Return the data verbatim, without pictures.

### PROVIDED DATA ###

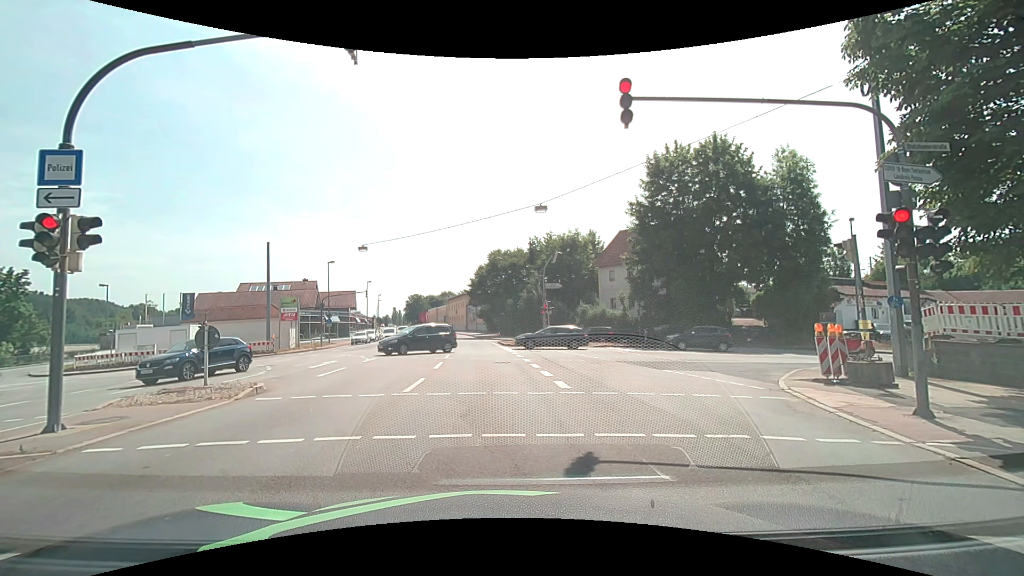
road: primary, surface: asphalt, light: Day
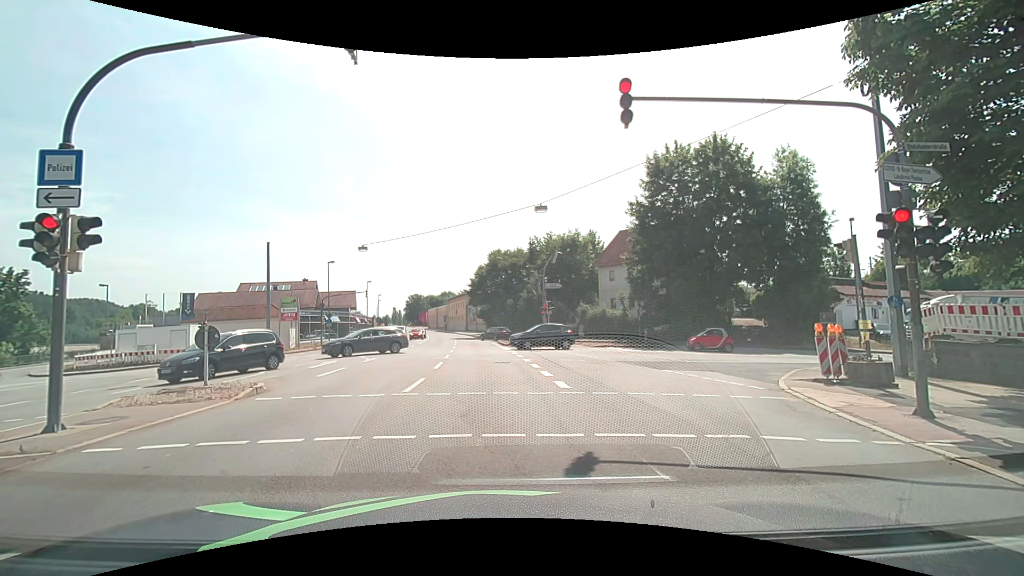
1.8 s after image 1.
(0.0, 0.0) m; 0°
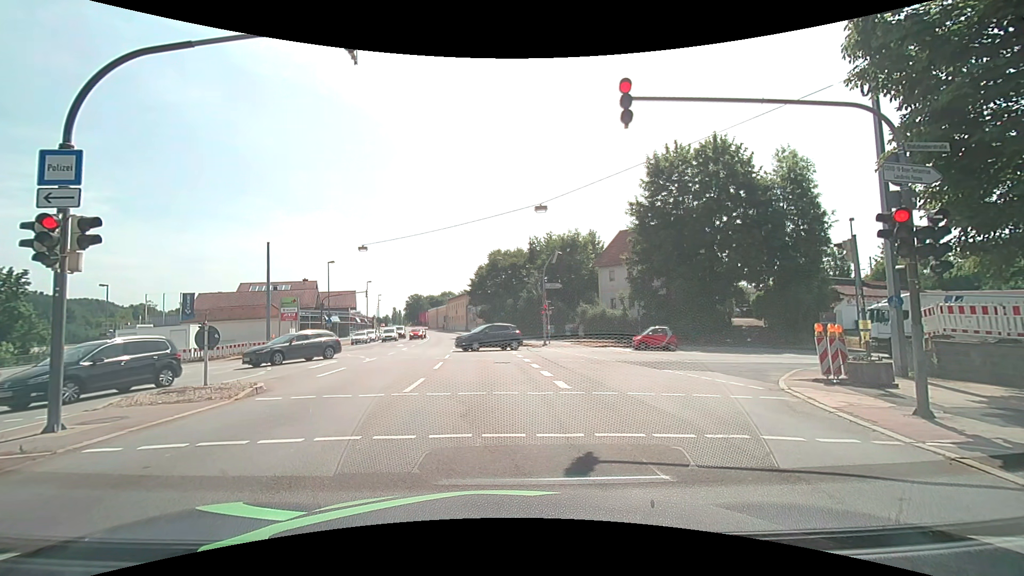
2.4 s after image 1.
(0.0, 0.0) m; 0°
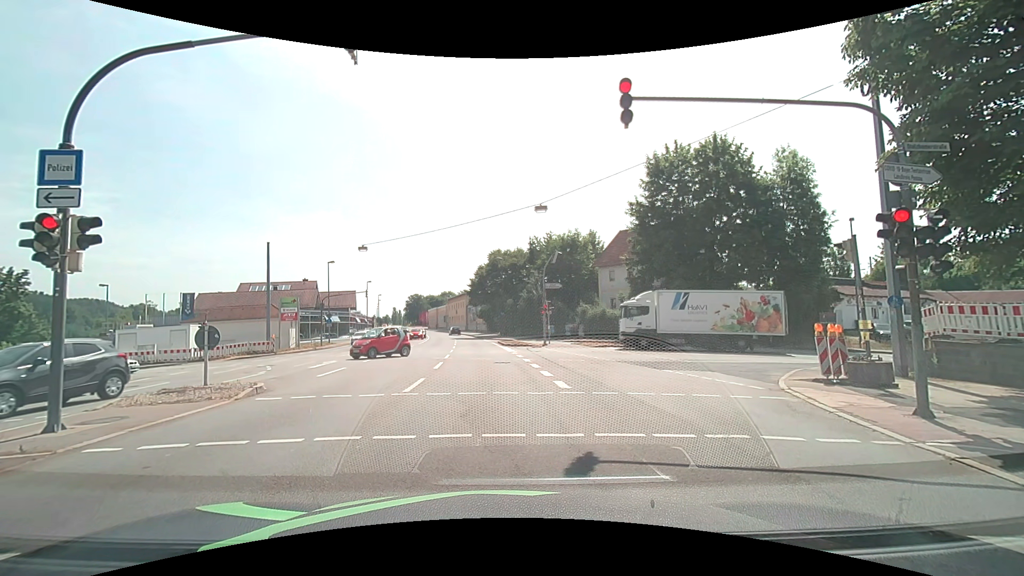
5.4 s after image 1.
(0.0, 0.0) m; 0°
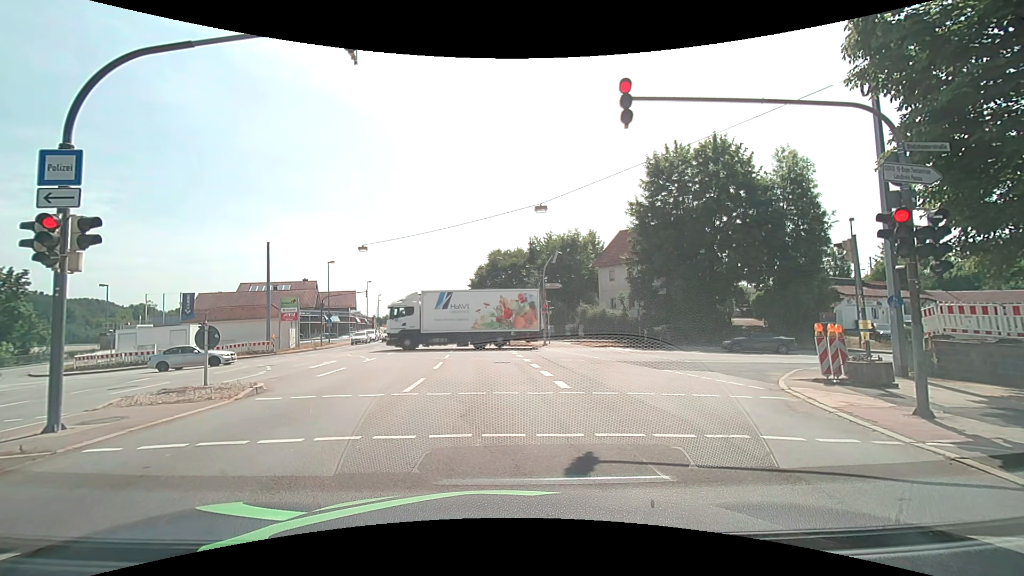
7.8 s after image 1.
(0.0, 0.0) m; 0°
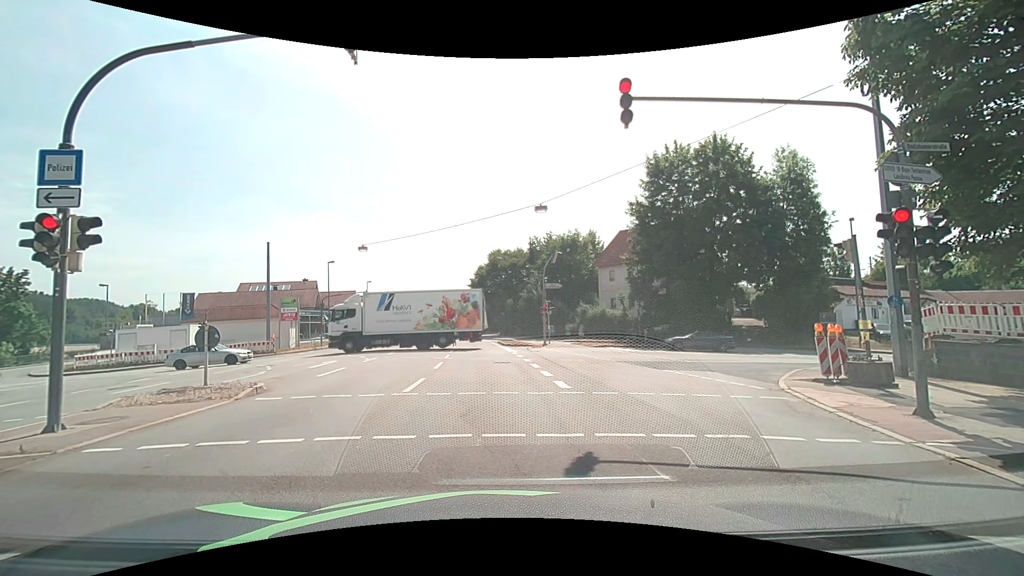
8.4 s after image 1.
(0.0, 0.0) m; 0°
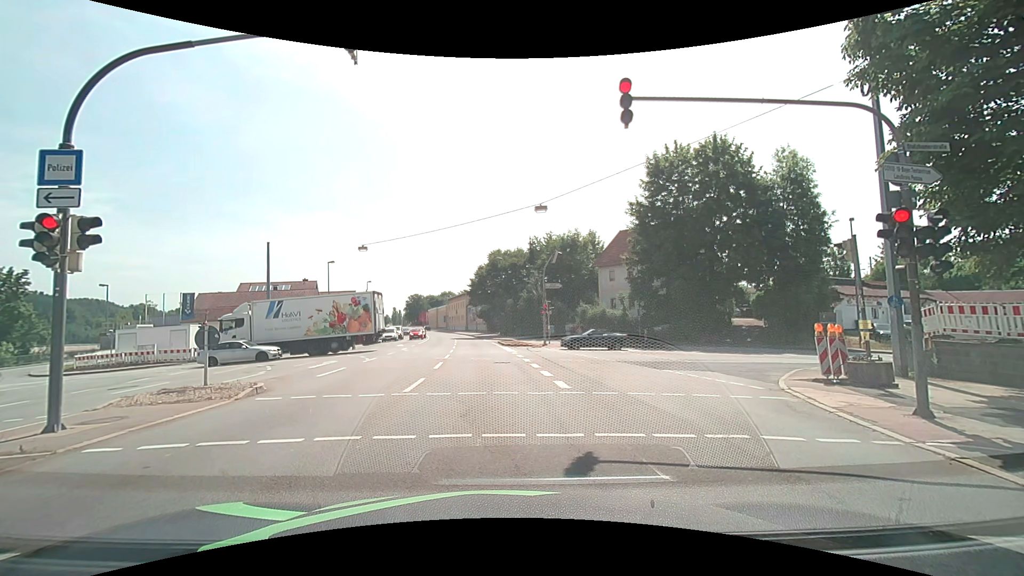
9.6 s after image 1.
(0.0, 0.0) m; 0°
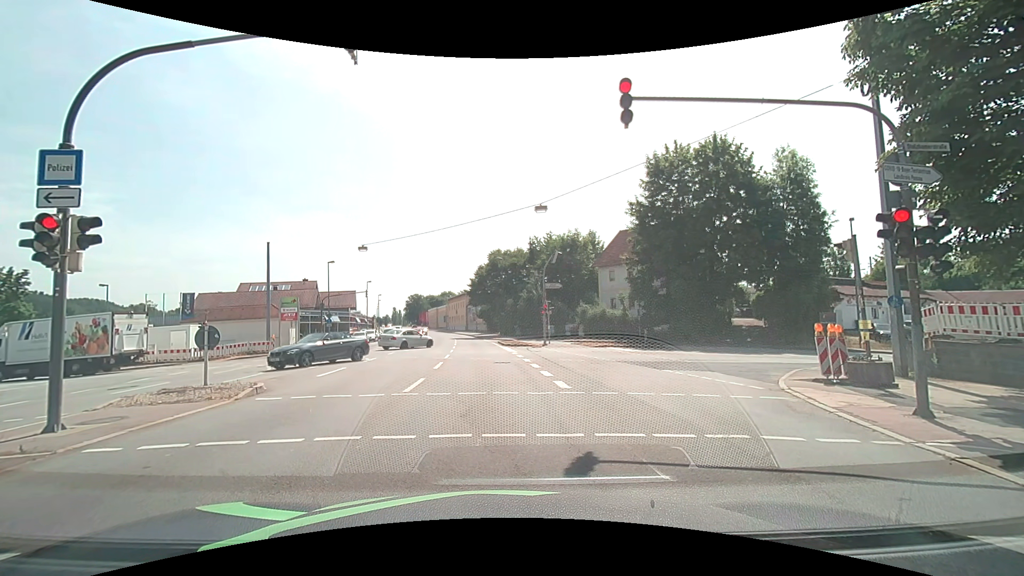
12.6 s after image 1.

###

→ WRITTEN ANSWER:
road: primary, surface: asphalt, light: Day
1.8 s after image 1.
(0.0, 0.0) m; 0°
2.4 s after image 1.
(0.0, 0.0) m; 0°
5.4 s after image 1.
(0.0, 0.0) m; 0°
7.8 s after image 1.
(0.0, 0.0) m; 0°
8.4 s after image 1.
(0.0, 0.0) m; 0°
9.6 s after image 1.
(0.0, 0.0) m; 0°
12.6 s after image 1.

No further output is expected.